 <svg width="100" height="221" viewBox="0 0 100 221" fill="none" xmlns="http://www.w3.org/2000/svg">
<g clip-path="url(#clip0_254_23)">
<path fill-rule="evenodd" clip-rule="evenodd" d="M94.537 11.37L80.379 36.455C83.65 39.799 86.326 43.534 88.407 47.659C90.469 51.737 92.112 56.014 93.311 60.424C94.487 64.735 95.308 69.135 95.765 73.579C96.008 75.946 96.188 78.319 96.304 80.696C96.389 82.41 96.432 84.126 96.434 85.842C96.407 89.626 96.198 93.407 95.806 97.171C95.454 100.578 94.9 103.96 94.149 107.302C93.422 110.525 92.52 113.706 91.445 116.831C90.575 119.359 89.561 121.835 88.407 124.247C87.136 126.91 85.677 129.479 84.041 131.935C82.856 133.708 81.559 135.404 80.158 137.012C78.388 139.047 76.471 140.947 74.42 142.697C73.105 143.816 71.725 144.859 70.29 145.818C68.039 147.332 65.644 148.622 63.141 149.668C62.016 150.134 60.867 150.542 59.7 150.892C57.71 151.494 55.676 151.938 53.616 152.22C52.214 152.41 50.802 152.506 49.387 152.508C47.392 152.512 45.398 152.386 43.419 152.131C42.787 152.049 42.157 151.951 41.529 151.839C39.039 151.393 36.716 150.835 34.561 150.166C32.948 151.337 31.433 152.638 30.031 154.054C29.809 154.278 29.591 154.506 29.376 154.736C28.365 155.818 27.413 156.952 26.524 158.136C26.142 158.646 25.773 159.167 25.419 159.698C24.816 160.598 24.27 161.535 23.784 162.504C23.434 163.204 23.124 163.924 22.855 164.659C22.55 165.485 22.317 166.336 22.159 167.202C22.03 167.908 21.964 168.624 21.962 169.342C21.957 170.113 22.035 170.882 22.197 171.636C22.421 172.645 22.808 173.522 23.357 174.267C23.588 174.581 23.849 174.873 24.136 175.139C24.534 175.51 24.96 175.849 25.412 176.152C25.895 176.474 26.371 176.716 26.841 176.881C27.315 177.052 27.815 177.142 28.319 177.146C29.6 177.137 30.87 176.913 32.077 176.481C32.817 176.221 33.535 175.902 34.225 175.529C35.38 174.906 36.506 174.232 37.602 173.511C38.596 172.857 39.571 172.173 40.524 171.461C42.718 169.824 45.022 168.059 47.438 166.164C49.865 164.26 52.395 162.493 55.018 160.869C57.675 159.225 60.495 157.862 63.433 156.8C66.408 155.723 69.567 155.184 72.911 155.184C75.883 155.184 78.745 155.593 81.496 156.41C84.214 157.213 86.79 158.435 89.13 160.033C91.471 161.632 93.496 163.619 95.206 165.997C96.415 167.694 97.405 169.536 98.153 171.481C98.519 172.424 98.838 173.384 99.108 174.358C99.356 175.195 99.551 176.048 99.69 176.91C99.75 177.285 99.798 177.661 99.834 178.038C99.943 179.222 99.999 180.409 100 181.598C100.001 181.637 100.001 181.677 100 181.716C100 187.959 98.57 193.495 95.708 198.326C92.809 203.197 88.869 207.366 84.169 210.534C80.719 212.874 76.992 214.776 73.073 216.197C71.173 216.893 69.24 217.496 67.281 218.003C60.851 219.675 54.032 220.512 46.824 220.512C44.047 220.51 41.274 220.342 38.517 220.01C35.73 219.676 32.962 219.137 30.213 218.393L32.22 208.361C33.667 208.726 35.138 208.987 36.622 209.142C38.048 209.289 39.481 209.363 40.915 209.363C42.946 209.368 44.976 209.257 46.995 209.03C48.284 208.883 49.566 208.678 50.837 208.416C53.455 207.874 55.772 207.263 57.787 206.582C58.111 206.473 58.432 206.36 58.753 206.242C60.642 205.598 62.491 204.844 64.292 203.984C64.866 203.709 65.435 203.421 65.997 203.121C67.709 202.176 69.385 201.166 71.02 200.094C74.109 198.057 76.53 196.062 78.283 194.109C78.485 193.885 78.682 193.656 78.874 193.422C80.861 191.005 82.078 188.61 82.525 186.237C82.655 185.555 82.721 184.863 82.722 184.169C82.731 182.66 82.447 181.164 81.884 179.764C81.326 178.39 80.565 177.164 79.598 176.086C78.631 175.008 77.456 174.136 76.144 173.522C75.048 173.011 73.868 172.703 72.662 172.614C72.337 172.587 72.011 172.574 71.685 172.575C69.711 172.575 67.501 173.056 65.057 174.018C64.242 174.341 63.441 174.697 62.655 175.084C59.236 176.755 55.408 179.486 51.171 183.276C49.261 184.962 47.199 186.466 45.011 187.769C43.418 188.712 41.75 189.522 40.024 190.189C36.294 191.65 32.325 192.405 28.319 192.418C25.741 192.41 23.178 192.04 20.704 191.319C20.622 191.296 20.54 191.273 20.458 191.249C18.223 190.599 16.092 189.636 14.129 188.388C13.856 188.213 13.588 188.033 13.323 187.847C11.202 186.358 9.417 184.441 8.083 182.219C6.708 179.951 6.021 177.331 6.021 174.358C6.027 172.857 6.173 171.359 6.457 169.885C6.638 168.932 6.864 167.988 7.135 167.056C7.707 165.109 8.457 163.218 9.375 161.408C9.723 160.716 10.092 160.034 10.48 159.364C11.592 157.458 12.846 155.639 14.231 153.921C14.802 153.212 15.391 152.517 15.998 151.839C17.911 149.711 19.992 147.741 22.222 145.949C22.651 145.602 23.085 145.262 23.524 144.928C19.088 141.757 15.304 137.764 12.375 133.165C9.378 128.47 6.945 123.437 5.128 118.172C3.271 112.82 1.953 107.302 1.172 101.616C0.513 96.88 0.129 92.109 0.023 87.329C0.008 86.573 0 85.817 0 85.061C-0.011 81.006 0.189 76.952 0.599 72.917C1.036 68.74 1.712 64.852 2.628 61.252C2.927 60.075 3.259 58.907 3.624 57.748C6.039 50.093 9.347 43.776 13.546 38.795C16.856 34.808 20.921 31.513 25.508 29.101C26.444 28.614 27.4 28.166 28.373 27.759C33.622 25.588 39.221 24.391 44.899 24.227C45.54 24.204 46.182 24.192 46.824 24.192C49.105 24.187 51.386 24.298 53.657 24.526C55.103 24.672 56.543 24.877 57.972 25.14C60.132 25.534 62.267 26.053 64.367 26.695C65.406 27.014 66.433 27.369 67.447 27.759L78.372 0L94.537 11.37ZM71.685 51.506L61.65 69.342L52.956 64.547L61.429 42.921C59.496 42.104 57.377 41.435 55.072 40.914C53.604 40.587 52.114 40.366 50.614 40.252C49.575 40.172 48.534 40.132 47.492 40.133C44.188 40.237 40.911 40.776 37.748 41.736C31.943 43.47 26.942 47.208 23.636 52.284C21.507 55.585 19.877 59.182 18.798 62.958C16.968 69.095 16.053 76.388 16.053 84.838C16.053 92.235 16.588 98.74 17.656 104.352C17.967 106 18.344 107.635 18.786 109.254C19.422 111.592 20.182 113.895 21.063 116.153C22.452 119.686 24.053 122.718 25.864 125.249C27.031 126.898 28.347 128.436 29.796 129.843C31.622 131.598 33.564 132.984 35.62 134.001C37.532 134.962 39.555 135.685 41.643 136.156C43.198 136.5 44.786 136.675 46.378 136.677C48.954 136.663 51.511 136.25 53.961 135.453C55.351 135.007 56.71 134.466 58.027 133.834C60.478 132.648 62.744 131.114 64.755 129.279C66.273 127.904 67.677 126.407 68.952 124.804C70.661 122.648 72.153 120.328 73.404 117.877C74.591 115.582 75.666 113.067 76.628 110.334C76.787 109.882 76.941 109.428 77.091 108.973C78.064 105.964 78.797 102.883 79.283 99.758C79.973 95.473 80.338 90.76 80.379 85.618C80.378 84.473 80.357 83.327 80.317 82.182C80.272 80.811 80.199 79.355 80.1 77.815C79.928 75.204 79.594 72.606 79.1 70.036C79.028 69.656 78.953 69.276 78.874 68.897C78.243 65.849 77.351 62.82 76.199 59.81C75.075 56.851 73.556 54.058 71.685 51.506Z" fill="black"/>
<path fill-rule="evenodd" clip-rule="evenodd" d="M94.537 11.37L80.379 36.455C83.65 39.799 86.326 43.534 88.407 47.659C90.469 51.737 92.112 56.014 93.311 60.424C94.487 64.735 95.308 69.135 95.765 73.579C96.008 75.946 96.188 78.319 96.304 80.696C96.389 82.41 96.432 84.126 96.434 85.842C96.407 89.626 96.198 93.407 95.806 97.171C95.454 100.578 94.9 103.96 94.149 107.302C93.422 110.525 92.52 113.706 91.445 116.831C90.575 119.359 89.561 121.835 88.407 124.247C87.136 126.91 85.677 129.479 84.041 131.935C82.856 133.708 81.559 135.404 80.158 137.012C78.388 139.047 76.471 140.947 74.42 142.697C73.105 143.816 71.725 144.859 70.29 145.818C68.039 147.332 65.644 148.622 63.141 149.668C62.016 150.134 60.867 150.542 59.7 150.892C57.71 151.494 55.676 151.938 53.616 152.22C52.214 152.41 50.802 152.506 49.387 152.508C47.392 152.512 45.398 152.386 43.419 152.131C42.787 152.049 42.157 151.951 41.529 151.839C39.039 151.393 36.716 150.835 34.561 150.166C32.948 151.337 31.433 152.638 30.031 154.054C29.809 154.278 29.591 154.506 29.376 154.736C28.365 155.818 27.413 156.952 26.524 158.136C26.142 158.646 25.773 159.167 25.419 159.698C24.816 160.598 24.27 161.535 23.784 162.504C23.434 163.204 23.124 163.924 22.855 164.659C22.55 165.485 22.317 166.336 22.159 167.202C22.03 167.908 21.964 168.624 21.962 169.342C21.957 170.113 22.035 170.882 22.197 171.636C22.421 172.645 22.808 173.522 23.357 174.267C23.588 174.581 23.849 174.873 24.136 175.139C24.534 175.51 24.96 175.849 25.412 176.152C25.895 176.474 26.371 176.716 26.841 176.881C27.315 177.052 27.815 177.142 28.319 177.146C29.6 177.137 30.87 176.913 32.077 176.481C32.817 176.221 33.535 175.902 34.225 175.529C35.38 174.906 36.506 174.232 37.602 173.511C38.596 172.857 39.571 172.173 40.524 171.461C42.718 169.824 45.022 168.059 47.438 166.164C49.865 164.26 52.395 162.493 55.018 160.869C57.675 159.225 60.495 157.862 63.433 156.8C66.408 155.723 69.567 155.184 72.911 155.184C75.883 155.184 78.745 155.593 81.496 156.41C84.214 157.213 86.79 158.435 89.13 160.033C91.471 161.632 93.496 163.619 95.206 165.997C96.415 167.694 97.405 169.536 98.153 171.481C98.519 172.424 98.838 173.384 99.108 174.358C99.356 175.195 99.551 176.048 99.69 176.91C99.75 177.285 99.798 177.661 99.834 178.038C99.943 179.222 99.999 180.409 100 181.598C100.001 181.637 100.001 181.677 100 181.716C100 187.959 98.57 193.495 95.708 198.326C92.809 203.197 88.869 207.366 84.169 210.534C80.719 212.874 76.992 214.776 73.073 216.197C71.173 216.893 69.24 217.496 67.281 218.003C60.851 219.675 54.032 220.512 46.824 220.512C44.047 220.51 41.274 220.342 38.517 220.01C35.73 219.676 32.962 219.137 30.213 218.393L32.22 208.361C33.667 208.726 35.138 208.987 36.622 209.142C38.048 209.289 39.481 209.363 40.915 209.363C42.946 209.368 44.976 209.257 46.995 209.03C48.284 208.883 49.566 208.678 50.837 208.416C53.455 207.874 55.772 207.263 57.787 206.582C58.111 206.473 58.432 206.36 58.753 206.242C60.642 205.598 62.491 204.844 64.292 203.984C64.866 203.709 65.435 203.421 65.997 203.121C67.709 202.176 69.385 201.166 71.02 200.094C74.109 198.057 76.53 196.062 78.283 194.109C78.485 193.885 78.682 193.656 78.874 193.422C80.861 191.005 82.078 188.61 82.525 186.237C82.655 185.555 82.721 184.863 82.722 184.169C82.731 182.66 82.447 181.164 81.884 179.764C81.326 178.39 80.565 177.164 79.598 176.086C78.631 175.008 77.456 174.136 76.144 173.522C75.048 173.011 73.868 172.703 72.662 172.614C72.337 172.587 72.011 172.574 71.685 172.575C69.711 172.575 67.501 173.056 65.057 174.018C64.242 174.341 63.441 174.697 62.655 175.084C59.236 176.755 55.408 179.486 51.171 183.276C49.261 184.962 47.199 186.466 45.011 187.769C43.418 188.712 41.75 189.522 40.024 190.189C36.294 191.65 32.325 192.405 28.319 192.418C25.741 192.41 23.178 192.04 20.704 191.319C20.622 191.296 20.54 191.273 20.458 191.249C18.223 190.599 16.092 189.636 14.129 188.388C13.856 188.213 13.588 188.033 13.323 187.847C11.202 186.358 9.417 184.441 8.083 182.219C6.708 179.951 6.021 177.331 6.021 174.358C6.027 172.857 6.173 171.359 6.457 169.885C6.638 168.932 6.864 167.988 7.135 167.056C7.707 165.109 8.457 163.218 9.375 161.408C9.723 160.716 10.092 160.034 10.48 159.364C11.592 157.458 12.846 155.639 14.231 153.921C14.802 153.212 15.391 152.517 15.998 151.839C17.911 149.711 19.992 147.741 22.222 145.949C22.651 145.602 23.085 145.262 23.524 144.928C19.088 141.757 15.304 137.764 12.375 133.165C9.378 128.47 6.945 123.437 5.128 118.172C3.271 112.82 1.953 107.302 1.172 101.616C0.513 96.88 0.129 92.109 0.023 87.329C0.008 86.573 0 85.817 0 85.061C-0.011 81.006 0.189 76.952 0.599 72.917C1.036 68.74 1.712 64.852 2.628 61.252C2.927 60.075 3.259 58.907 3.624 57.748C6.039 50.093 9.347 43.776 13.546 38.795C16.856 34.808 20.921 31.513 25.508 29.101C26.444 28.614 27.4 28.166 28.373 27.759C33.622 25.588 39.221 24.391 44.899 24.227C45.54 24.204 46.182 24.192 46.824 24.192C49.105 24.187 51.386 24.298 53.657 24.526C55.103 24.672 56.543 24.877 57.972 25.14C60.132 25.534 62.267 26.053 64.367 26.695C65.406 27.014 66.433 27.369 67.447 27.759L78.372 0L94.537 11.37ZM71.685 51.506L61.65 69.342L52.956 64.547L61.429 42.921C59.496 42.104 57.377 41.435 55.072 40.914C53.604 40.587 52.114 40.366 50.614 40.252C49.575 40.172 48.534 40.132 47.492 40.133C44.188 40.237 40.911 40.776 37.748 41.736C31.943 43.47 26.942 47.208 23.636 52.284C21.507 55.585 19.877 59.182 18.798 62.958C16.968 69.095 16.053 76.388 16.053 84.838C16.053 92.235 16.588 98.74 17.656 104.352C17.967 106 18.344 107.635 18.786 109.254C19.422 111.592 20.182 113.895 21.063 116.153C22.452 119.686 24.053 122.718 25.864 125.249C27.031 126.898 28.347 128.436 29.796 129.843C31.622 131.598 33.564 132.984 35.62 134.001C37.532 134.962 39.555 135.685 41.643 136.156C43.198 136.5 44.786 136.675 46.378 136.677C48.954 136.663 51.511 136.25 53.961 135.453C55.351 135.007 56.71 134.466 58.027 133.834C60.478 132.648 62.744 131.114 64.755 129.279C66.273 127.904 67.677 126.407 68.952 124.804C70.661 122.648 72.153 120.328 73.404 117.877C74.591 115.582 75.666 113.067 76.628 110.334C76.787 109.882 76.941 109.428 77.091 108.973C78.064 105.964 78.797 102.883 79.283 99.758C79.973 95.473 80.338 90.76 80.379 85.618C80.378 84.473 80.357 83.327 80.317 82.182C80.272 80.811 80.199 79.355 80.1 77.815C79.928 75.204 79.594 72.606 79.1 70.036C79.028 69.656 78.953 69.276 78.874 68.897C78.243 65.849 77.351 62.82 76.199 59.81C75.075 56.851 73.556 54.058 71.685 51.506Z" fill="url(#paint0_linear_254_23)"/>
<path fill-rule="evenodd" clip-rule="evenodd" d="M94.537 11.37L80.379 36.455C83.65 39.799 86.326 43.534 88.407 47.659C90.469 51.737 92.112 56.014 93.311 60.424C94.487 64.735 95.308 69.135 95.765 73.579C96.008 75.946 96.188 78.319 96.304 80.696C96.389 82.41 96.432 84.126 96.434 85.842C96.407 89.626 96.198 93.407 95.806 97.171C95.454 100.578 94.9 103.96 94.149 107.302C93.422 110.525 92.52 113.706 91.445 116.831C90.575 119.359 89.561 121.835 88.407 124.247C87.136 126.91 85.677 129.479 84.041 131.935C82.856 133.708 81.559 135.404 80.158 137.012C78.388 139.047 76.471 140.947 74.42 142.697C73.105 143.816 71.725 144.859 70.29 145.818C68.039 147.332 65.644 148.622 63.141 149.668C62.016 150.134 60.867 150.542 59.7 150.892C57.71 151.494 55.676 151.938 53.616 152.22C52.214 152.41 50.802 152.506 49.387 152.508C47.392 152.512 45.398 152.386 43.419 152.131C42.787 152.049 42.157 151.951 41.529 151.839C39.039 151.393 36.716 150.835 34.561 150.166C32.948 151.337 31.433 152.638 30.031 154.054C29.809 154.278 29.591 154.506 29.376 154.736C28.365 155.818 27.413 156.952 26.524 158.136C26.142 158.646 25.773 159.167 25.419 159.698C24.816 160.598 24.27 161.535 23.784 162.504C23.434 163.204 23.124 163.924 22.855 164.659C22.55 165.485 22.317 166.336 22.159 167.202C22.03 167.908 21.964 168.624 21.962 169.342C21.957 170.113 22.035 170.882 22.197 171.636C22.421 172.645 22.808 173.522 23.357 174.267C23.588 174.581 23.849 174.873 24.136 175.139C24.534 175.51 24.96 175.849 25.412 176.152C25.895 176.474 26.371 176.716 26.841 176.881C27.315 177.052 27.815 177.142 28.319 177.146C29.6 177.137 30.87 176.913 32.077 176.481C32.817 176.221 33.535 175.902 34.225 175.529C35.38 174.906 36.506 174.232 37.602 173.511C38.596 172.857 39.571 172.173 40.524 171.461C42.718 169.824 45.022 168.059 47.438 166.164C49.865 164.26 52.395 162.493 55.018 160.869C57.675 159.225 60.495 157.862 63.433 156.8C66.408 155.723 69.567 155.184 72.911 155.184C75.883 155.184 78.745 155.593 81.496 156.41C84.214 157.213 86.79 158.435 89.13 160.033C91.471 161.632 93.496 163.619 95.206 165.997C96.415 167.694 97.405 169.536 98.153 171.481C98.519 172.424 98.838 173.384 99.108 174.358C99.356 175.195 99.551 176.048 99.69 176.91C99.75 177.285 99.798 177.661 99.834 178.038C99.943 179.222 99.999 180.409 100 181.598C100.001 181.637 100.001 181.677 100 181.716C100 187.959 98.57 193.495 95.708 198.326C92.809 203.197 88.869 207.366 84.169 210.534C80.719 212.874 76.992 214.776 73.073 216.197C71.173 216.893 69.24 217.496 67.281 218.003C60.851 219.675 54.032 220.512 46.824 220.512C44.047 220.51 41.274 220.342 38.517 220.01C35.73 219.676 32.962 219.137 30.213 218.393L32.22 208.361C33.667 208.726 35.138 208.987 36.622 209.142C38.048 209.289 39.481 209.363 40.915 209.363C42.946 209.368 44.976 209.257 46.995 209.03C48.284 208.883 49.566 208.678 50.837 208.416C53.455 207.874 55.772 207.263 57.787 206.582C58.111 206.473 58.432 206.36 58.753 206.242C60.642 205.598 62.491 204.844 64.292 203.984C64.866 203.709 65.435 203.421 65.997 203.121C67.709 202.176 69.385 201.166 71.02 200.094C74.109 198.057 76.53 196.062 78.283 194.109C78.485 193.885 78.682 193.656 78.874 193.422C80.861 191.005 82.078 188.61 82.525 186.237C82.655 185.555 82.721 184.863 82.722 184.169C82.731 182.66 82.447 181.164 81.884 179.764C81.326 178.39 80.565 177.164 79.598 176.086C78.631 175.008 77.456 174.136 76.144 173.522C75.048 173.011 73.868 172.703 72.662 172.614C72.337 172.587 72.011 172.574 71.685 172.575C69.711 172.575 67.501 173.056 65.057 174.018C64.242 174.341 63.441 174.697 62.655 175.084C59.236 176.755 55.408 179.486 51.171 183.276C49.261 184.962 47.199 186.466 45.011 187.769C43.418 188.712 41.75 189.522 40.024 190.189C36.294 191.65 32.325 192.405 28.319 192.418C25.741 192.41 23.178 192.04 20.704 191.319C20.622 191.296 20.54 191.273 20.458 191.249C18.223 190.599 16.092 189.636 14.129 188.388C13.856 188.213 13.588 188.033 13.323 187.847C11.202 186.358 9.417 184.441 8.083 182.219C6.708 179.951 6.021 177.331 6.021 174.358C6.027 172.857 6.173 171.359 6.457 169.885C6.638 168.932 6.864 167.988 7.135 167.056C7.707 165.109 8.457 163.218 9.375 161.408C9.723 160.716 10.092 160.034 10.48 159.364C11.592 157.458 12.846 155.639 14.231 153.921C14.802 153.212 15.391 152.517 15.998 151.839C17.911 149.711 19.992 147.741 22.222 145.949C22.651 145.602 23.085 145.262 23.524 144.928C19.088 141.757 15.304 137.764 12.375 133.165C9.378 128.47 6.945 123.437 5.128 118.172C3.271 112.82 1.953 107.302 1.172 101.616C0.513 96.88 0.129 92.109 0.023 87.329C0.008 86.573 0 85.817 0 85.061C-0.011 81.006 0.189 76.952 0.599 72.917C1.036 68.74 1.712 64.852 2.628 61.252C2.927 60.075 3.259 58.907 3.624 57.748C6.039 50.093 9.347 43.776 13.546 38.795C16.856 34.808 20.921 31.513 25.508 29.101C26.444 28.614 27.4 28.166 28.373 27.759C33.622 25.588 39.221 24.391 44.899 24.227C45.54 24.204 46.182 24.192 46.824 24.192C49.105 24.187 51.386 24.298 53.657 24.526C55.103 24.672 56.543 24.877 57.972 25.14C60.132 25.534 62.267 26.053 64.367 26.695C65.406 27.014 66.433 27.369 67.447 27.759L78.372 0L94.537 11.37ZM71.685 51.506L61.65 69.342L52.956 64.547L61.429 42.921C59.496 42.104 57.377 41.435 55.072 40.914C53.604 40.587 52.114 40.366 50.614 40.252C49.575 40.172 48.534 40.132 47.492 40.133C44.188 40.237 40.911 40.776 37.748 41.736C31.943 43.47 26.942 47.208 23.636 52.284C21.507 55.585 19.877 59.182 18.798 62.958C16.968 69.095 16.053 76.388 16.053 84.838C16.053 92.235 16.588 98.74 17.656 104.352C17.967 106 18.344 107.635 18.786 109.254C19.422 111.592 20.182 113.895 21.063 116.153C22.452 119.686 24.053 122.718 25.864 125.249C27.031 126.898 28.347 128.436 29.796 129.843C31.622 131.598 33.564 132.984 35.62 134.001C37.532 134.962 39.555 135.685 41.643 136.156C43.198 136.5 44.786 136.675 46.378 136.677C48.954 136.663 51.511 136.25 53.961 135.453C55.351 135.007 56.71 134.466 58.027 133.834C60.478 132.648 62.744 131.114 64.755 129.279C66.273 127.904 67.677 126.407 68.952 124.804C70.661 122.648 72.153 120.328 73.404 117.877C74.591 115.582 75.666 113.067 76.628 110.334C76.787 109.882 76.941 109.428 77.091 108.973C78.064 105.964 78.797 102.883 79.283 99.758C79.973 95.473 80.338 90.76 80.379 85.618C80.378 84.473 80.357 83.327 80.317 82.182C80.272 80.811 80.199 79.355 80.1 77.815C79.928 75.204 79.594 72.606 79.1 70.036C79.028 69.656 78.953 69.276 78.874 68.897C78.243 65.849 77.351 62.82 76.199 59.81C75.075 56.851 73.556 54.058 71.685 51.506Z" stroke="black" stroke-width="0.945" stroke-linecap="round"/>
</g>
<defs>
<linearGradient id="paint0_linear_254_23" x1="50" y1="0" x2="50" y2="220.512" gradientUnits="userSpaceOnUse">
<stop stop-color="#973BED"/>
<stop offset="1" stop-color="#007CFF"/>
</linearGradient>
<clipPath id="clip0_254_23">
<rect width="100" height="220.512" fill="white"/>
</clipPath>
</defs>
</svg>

----------------------------------------

Find the word "height" in the entries above and gather every line that holds it.

 <svg width="100" height="221" viewBox="0 0 100 221" fill="none" xmlns="http://www.w3.org/2000/svg">
<rect width="100" height="220.512" fill="white"/>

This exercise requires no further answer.